Invest in people; it’s too hard to figure out big picture thematic things about what technology is going to be.
Question: Where is technology headed?
Peter Thiel: Well as an investor, I invest mostly in people. I think it’s too hard to figure out big picture fanatic things about what technology is going to be.
Even people who start companies normally don’t know it, and they normally change it in the course of starting these companies.
I had a dinner in Silicon valley a few years ago where I was told I the other person would pay for dinner if I came with five companies where the initial pitch had anything to do with what the company ultimately did. So these things change a lot. And therefore the key thing is still very heavily driven by the engineers and the product people who build these things.
The one overarching theme that I see, it’s not really technology anymore, but it may be more of a theme, is there are elements of artificial intelligence that I think are going to become more real. It’s been something that’s been badly overhyped for many decades; people in the ‘80s and ‘90s; and of course nothing of the sort happened. And I think still nothing of the sort is happening. It’s not going to happen probably for a very long time to come. But I think there certainly are elements of it that are getting better and better.
You have the robotic cars which they now have this contest of cars in Southern California. And they’re able to drive 200 miles across the desert guided by robots. Current trend is within five years they’ll be able to drive on city streets; and maybe 10 years from now it will be possible for people to have a robot drive them around in the car, which would obviously be very liberating for a lot of people who aren’t able to drive for whatever reason.

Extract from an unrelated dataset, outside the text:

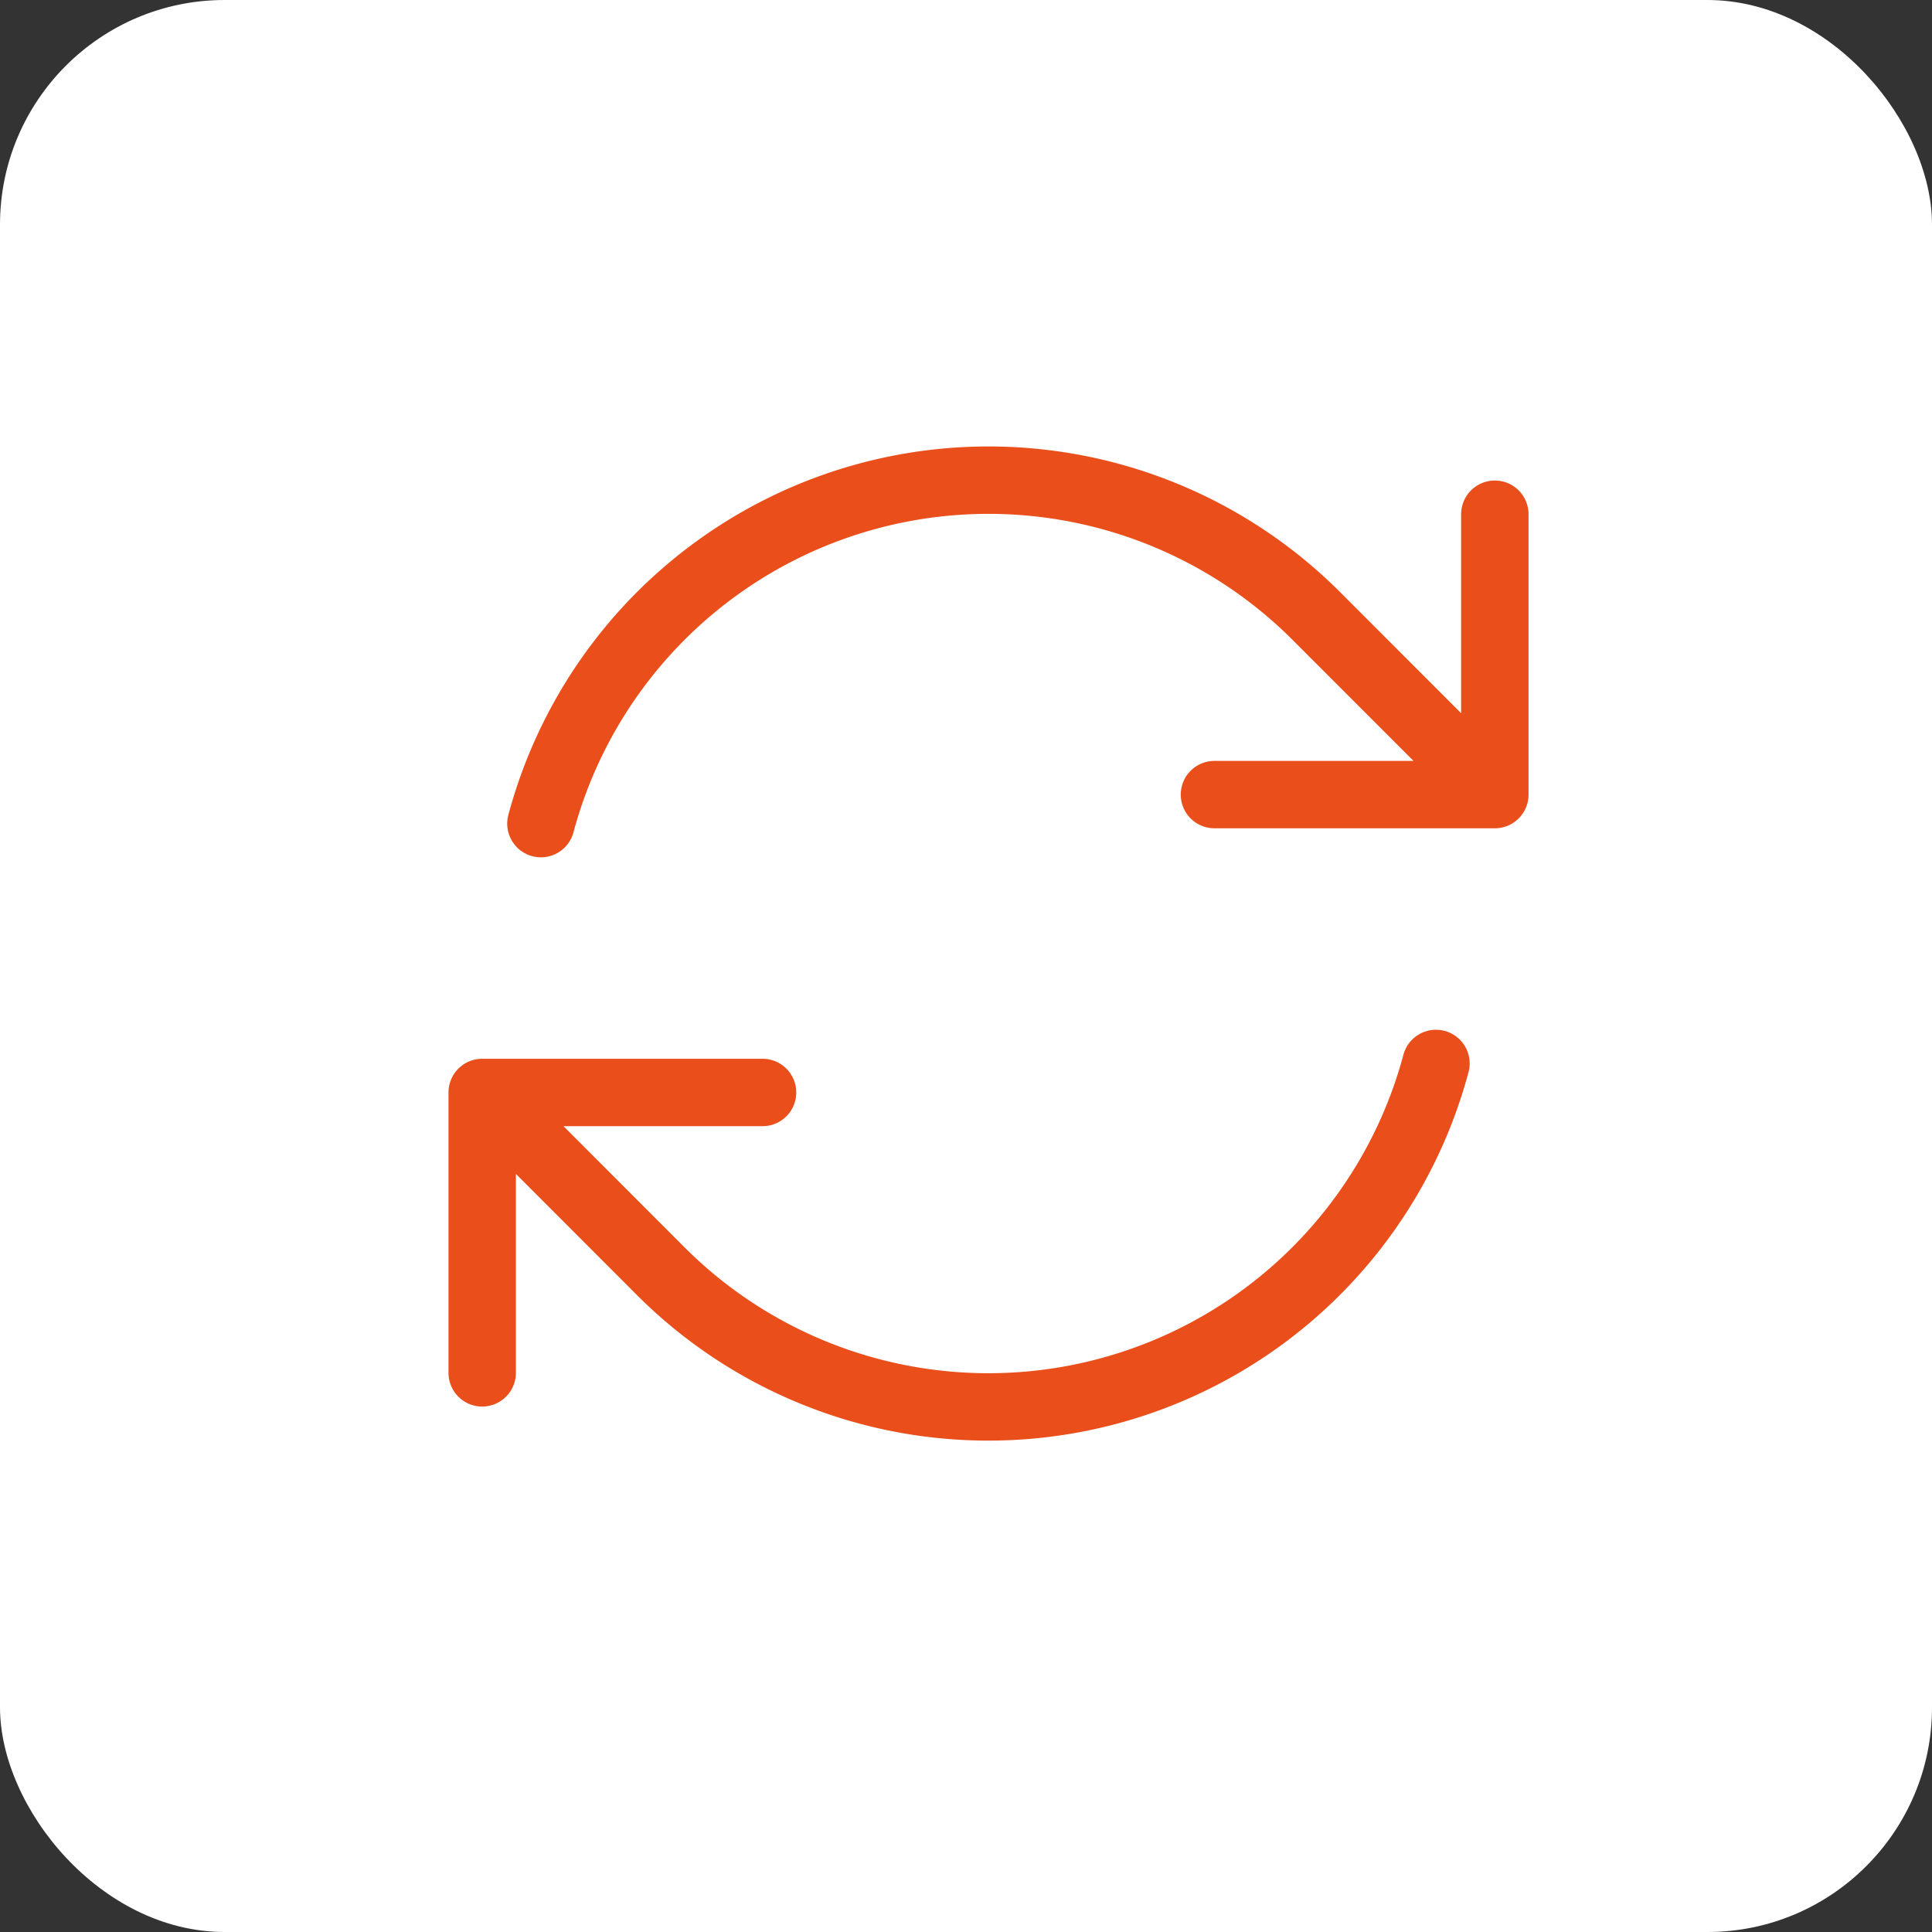 <svg width="43" height="43" fill="none" xmlns="http://www.w3.org/2000/svg"><rect width="100%" height="100%" fill="#333333" stroke="none"/><g clip-path="url(#clip0_794_162)"><path d="M7.151-.043l.388-.002c.426-.002.852-.001 1.277 0l.92-.002c.744-.002 1.489-.003 2.233-.002a1046.65 1046.65 0 002.606-.001c1.643-.002 3.288 0 4.932 0 1.501.001 3.002 0 4.504-.003 1.544-.002 3.09-.003 4.634-.003.866 0 1.732 0 2.598-.002h2.211c.376.002.751.002 1.127 0 2.612-.01 4.666.295 6.628 2.186 1.254 1.442 1.846 3.126 1.835 5.023l.002.388v1.277c0 .307 0 .613.002.92.002.744.002 1.489.001 2.233a1000.121 1000.121 0 000 2.079l.001.526c.002 1.644.001 3.289 0 4.932-.001 1.502 0 3.003.003 4.505.003 1.544.004 3.089.003 4.634 0 .865 0 1.731.002 2.597.002.738.002 1.475 0 2.212v1.127c.01 2.588-.28 4.699-2.185 6.627-1.481 1.223-3.075 1.828-4.983 1.822l-.387.002h-1.28l-.92.003-2.237.003h-1.82c-1.721.003-3.443.004-5.165.004h-.562c-1.504 0-3.008.002-4.511.005-1.546.003-3.092.005-4.638.004-.868 0-1.735 0-2.602.003-.738.002-1.477.003-2.215.001-.377 0-.753 0-1.129.002-2.614.01-4.669-.293-6.632-2.184C.537 39.43-.054 37.745-.043 35.849l-.002-.388c-.002-.425 0-.851 0-1.277l-.002-.92c-.002-.744-.002-1.489-.002-2.233v-2.605c-.002-1.644-.002-3.288 0-4.932 0-1.502 0-3.003-.003-4.505-.003-1.544-.004-3.089-.004-4.633l-.001-2.598c-.002-.737-.002-1.475 0-2.212V8.419c-.01-2.515.247-4.615 2.073-6.515C3.512.592 5.168-.055 7.15-.043zm20.621 13.187c-.399.52-.793 1.044-1.185 1.57-.414.558-.836 1.11-1.258 1.663-.595.778-1.185 1.56-1.771 2.345-.6.801-1.209 1.595-1.825 2.383-.494.632-.978 1.27-1.456 1.914-.363.487-.734.966-1.116 1.437-.146.174-.146.174-.124.404H18.7l-.087-.19a5.894 5.894 0 00-.543-.811l-.27-.357a1252.187 1252.187 0 00-.992-1.301 315.12 315.12 0 00-.473-.618c-.328-.43-.656-.858-.967-1.301-.63-.9-.63-.9-1.595-1.357-.9-.149-1.595.173-2.338.657-.446.446-.635.94-.693 1.568.025.81.45 1.466.938 2.079l.177.229c.19.244.38.487.572.73l.398.512c.266.344.532.686.8 1.029a180.73 180.73 0 011.335 1.729l.34.443c.457.594.917 1.185 1.382 1.774l.268.34c.439.53.825.902 1.524 1.003.738.047 1.29-.124 1.882-.565.483-.43.866-.934 1.253-1.45l.189-.25c.286-.381.573-.763.858-1.145.461-.619.93-1.23 1.41-1.835.59-.746 1.164-1.503 1.74-2.26l.73-.95c.43-.558.86-1.118 1.288-1.679a565.62 565.62 0 011.696-2.21l.329-.427c.374-.486.747-.973 1.118-1.462.138-.182.276-.362.416-.543.5-.674.885-1.341.853-2.204-.11-.72-.364-1.193-.961-1.636-1.264-.757-2.629-.332-3.506.742z" fill="#fff"/><g clip-path="url(#clip1_794_162)" fill="#fff"><path d="M7.151-.043l.388-.002c.426-.002.852-.001 1.277 0l.92-.002c.744-.002 1.489-.003 2.233-.002a1046.65 1046.65 0 002.606-.001c1.643-.002 3.288 0 4.932 0 1.501.001 3.002 0 4.504-.003 1.544-.002 3.09-.003 4.634-.003.866 0 1.732 0 2.598-.002h2.211c.376.002.751.002 1.127 0 2.612-.01 4.666.295 6.628 2.186 1.254 1.442 1.846 3.126 1.835 5.023l.002.388v1.277c0 .307 0 .613.002.92.002.744.002 1.489.001 2.233a1000.121 1000.121 0 000 2.079l.001.526c.002 1.644.001 3.289 0 4.932-.001 1.502 0 3.003.003 4.505.003 1.544.004 3.089.003 4.634 0 .865 0 1.731.002 2.597.002.738.002 1.475 0 2.212v1.127c.01 2.588-.28 4.699-2.185 6.627-1.481 1.223-3.075 1.828-4.983 1.822l-.387.002h-1.28l-.92.003-2.237.003h-1.82c-1.721.003-3.443.004-5.165.004h-.562c-1.504 0-3.008.002-4.511.005-1.546.003-3.092.005-4.638.004-.868 0-1.735 0-2.602.003-.738.002-1.477.003-2.215.001-.377 0-.753 0-1.129.002-2.614.01-4.669-.293-6.632-2.184C.537 39.43-.054 37.745-.043 35.849l-.002-.388c-.002-.425 0-.851 0-1.277l-.002-.92c-.002-.744-.002-1.489-.002-2.233v-2.605c-.002-1.644-.002-3.288 0-4.932 0-1.502 0-3.003-.003-4.505-.003-1.544-.004-3.089-.004-4.633l-.001-2.598c-.002-.737-.002-1.475 0-2.212V8.419c-.01-2.515.247-4.615 2.073-6.515C3.512.592 5.168-.055 7.15-.043zm20.621 13.187c-.399.52-.793 1.044-1.185 1.57-.414.558-.836 1.11-1.258 1.663-.595.778-1.185 1.56-1.771 2.345-.6.801-1.209 1.595-1.825 2.383-.494.632-.978 1.27-1.456 1.914-.363.487-.734.966-1.116 1.437-.146.174-.146.174-.124.404H18.7l-.087-.19a5.894 5.894 0 00-.543-.811l-.27-.357a1252.187 1252.187 0 00-.992-1.301 315.12 315.12 0 00-.473-.618c-.328-.43-.656-.858-.967-1.301-.63-.9-.63-.9-1.595-1.357-.9-.149-1.595.173-2.338.657-.446.446-.635.94-.693 1.568.025.81.45 1.466.938 2.079l.177.229c.19.244.38.487.572.73l.398.512c.266.344.532.686.8 1.029a180.73 180.73 0 011.335 1.729l.34.443c.457.594.917 1.185 1.382 1.774l.268.34c.439.53.825.902 1.524 1.003.738.047 1.29-.124 1.882-.565.483-.43.866-.934 1.253-1.45l.189-.25c.286-.381.573-.763.858-1.145.461-.619.93-1.23 1.41-1.835.59-.746 1.164-1.503 1.74-2.26l.73-.95c.43-.558.86-1.118 1.288-1.679a565.62 565.62 0 011.696-2.21l.329-.427c.374-.486.747-.973 1.118-1.462.138-.182.276-.362.416-.543.5-.674.885-1.341.853-2.204-.11-.72-.364-1.193-.961-1.636-1.264-.757-2.629-.332-3.506.742z"/><rect width="43" height="43" rx="5"/></g><path d="M27.03 17.685h6.24l-3.977-3.979a10.314 10.314 0 00-17.254 4.625m-1.307 12.224v-6.24m0 0h6.24m-6.24 0l3.975 3.979a10.313 10.313 0 0017.253-4.625m1.31-12.224v6.238" stroke="#E94E1B" stroke-width="1.5" stroke-linecap="round" stroke-linejoin="round"/></g><defs><clipPath id="clip0_794_162"><path fill="#fff" d="M0 0h43v43H0z"/></clipPath><clipPath id="clip1_794_162"><path fill="#fff" d="M0 0h43v43H0z"/></clipPath></defs></svg>

And so I think there are sort of elements of things that could be loosely grouped under AI that seem to be happening, and that people may be underestimating precisely because it has been overhyped for probably the last half century.
It is probably people’s time horizons are too short, so we’re too much of the incentives are skewed towards consumption and away from savings or investment. People don’t think about the future enough.
And the reality is life is really long, and it’s going to be a lot longer than people think. And the choices that we’re making today are going to be very important in whether these very long lives that we have every reason to look forward to will be, by and large, very happy or less happy.